╭──
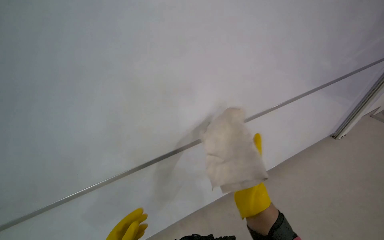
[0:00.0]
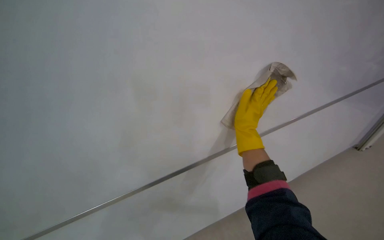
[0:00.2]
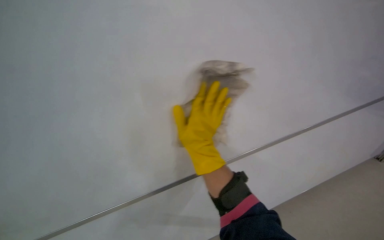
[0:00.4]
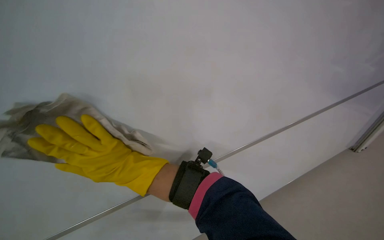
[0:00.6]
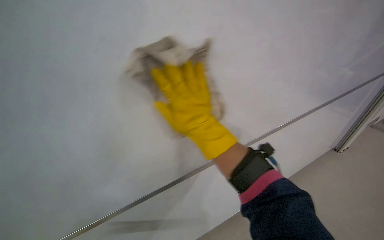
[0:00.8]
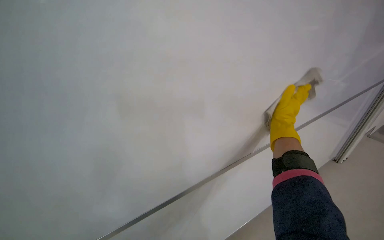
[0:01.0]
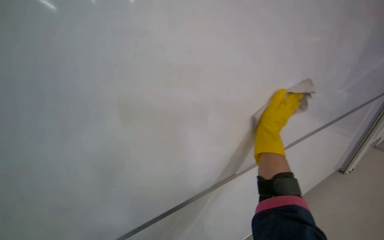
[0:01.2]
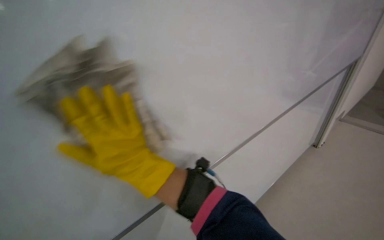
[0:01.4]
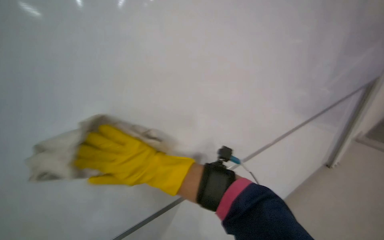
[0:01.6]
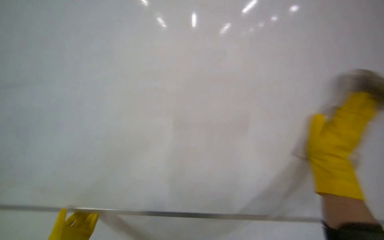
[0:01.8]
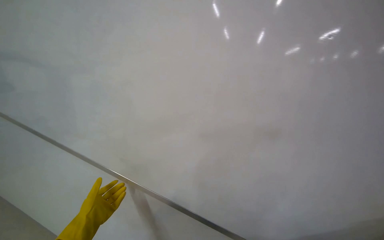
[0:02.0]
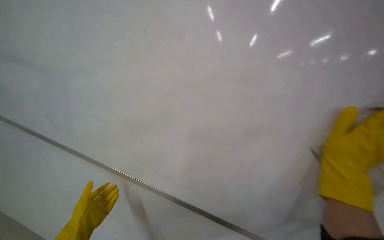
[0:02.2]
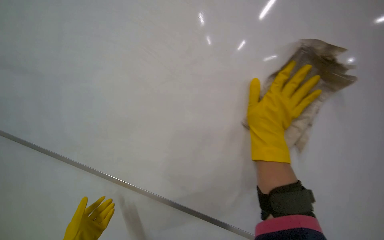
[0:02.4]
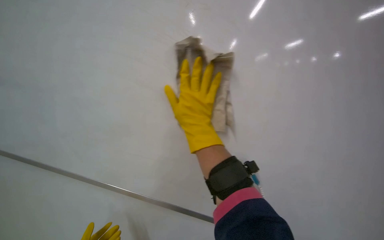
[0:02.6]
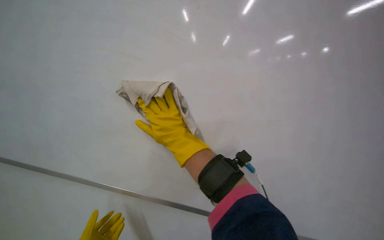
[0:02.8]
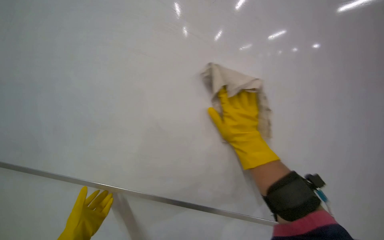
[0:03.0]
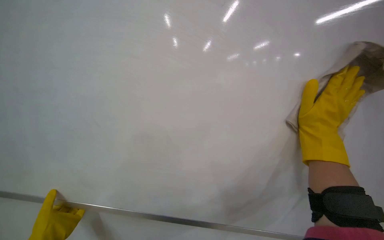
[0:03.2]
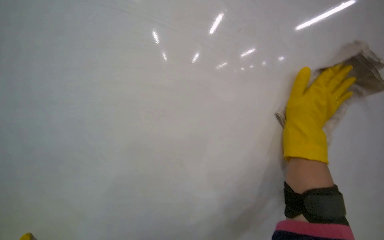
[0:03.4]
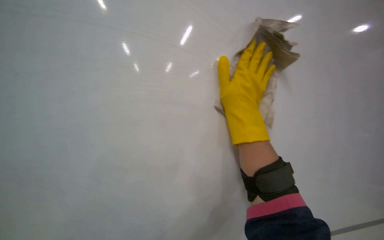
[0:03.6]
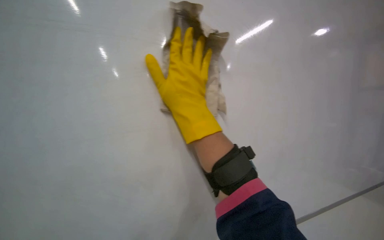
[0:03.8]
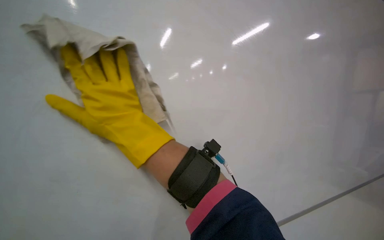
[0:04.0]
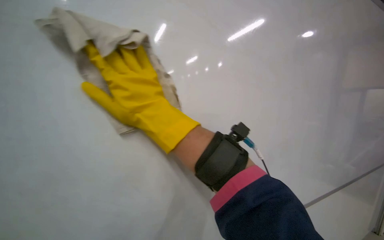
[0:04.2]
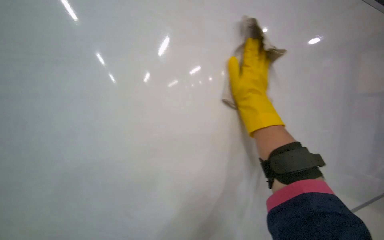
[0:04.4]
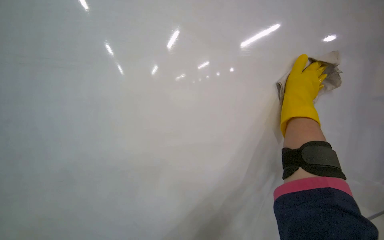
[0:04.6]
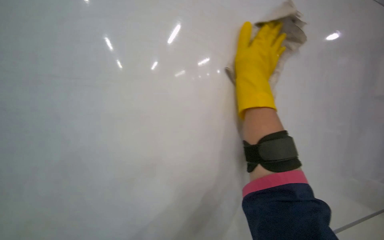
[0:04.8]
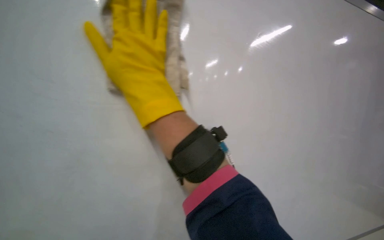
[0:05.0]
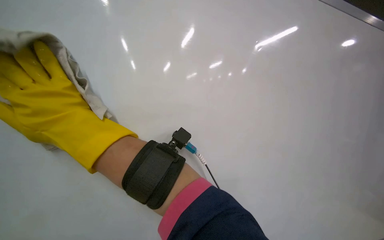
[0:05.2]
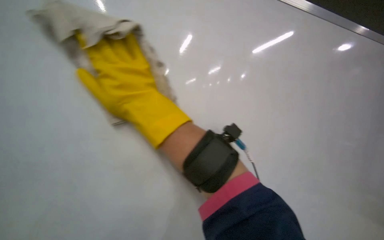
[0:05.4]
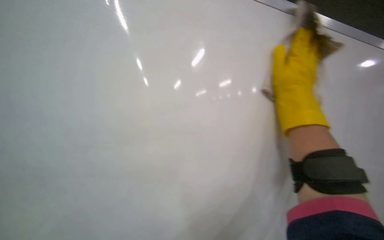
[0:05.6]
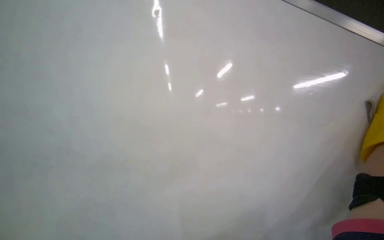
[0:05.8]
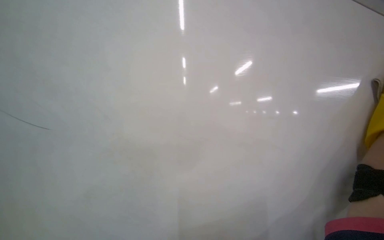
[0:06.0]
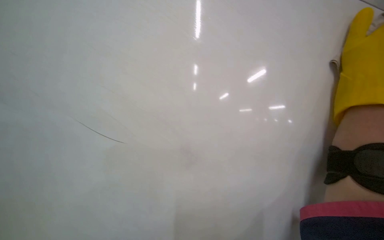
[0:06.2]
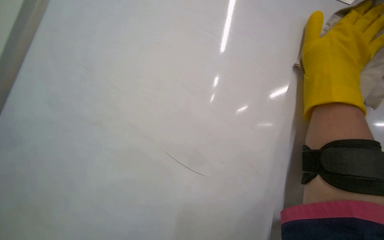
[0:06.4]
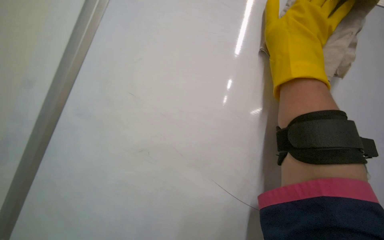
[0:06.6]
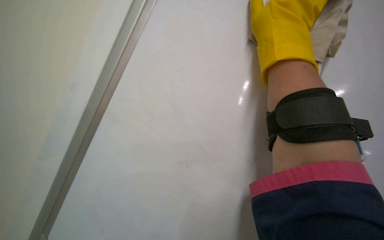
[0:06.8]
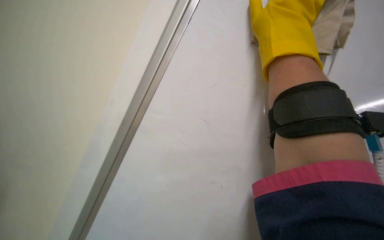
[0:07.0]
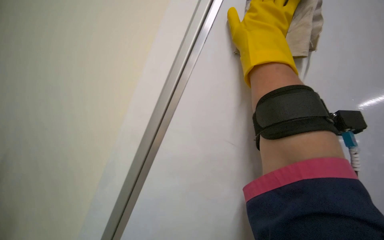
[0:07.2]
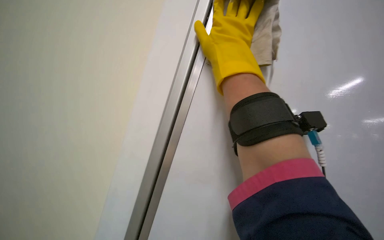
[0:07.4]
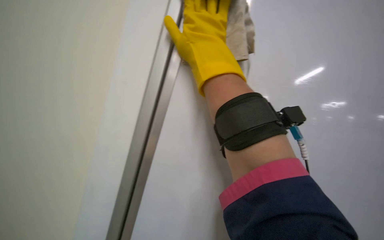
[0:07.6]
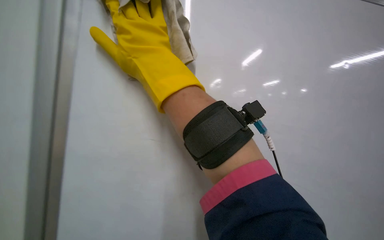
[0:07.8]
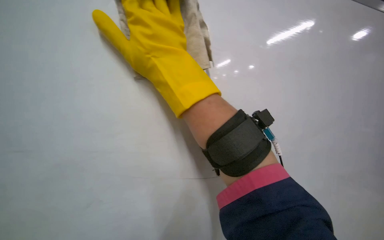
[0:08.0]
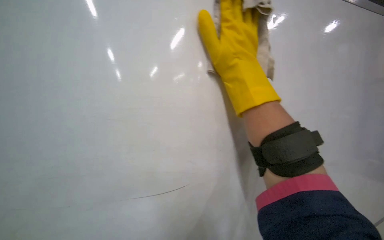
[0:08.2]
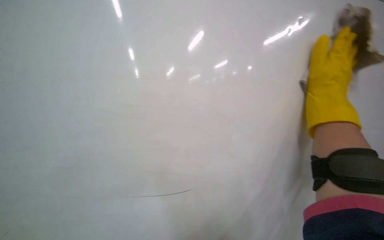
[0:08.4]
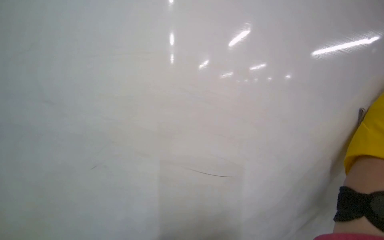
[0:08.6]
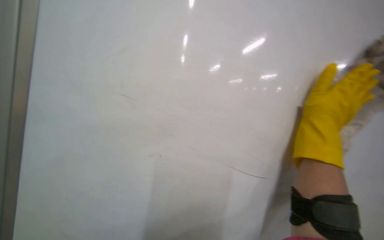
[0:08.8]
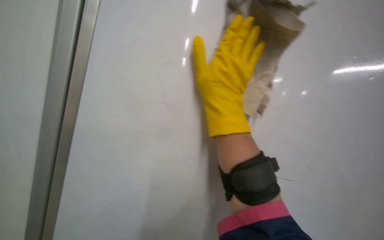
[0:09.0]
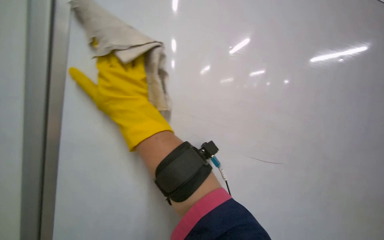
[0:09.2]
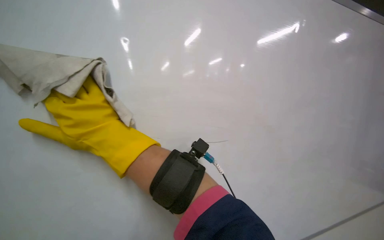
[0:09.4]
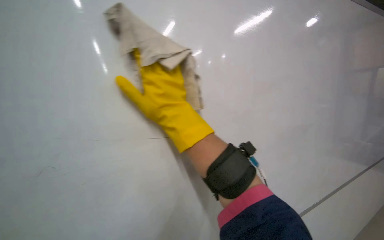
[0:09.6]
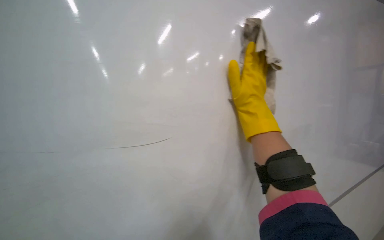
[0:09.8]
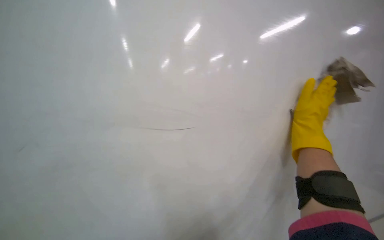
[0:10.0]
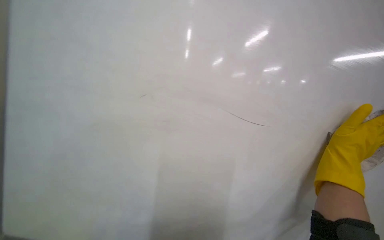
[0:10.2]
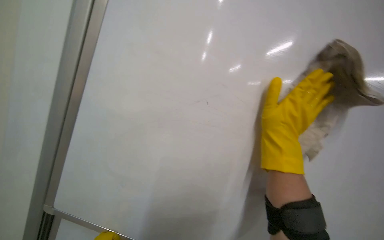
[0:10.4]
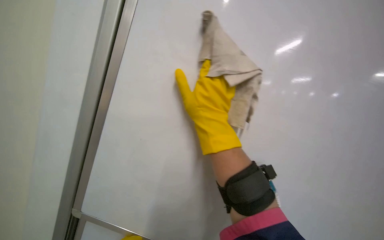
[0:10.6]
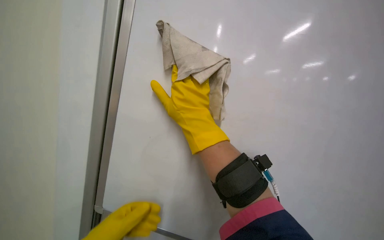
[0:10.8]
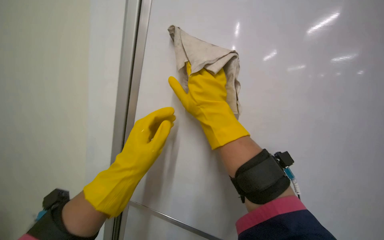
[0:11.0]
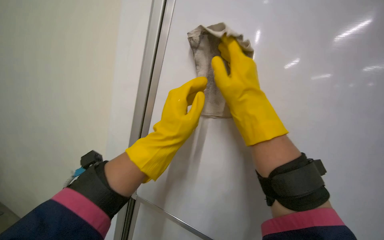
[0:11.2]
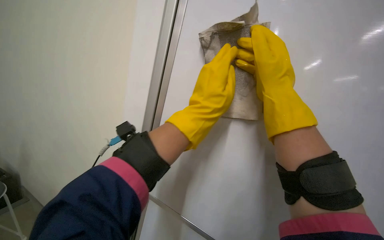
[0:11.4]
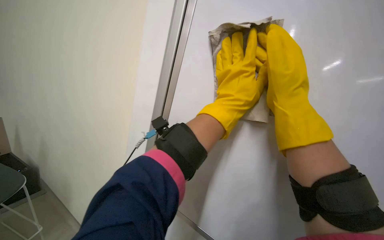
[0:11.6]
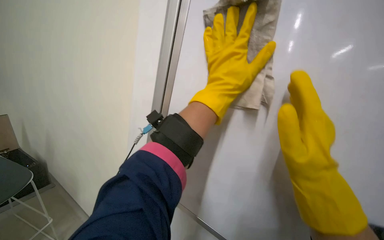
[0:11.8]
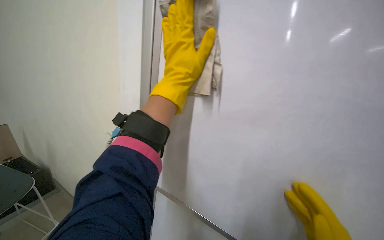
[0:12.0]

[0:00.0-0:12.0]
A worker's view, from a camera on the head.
Job: wiping surfaces.
The whole recording: Wiping whiteboard. The worker wipes the large white whiteboard surface with a cloth.
0:01.6 to 0:03.0: Everything in view rotates approximately 35 degrees counterclockwise.
0:07.6 to 0:09.0: Everything in view rotates some 25 degrees clockwise.
0:09.0 to 0:10.4: The head rotates some 20 degrees to the left. The camera pitches downward, by roughly 10 degrees.
0:10.4 to 0:12.0: The camera sweeps to the left, by approximately 20 degrees. The camera pitches downward, by approximately 15 degrees. The scene turns some 30 degrees counterclockwise in the picture.
╰──
## TASK REQUIREMENTS:
Every line of the listing above is to be set down verbatim, without the pictures.

## EXERCISE OUTPUT:
[0:00.0]
[0:00.2]
[0:00.4]
[0:00.6]
[0:00.8]
[0:01.0]
[0:01.2]
[0:01.4]
[0:01.6]
[0:01.8]
[0:02.0]
[0:02.2]
[0:02.4]
[0:02.6]
[0:02.8]
[0:03.0]
[0:03.2]
[0:03.4]
[0:03.6]
[0:03.8]
[0:04.0]
[0:04.2]
[0:04.4]
[0:04.6]
[0:04.8]
[0:05.0]
[0:05.2]
[0:05.4]
[0:05.6]
[0:05.8]
[0:06.0]
[0:06.2]
[0:06.4]
[0:06.6]
[0:06.8]
[0:07.0]
[0:07.2]
[0:07.4]
[0:07.6]
[0:07.8]
[0:08.0]
[0:08.2]
[0:08.4]
[0:08.6]
[0:08.8]
[0:09.0]
[0:09.2]
[0:09.4]
[0:09.6]
[0:09.8]
[0:10.0]
[0:10.2]
[0:10.4]
[0:10.6]
[0:10.8]
[0:11.0]
[0:11.2]
[0:11.4]
[0:11.6]
[0:11.8]
[0:12.0]

[0:00.0-0:12.0]
A worker's view, from a camera on the head.
Job: wiping surfaces.
The whole recording: Wiping whiteboard. The worker wipes the large white whiteboard surface with a cloth.
0:01.6 to 0:03.0: Everything in view rotates approximately 35 degrees counterclockwise.
0:07.6 to 0:09.0: Everything in view rotates some 25 degrees clockwise.
0:09.0 to 0:10.4: The head rotates some 20 degrees to the left. The camera pitches downward, by roughly 10 degrees.
0:10.4 to 0:12.0: The camera sweeps to the left, by approximately 20 degrees. The camera pitches downward, by approximately 15 degrees. The scene turns some 30 degrees counterclockwise in the picture.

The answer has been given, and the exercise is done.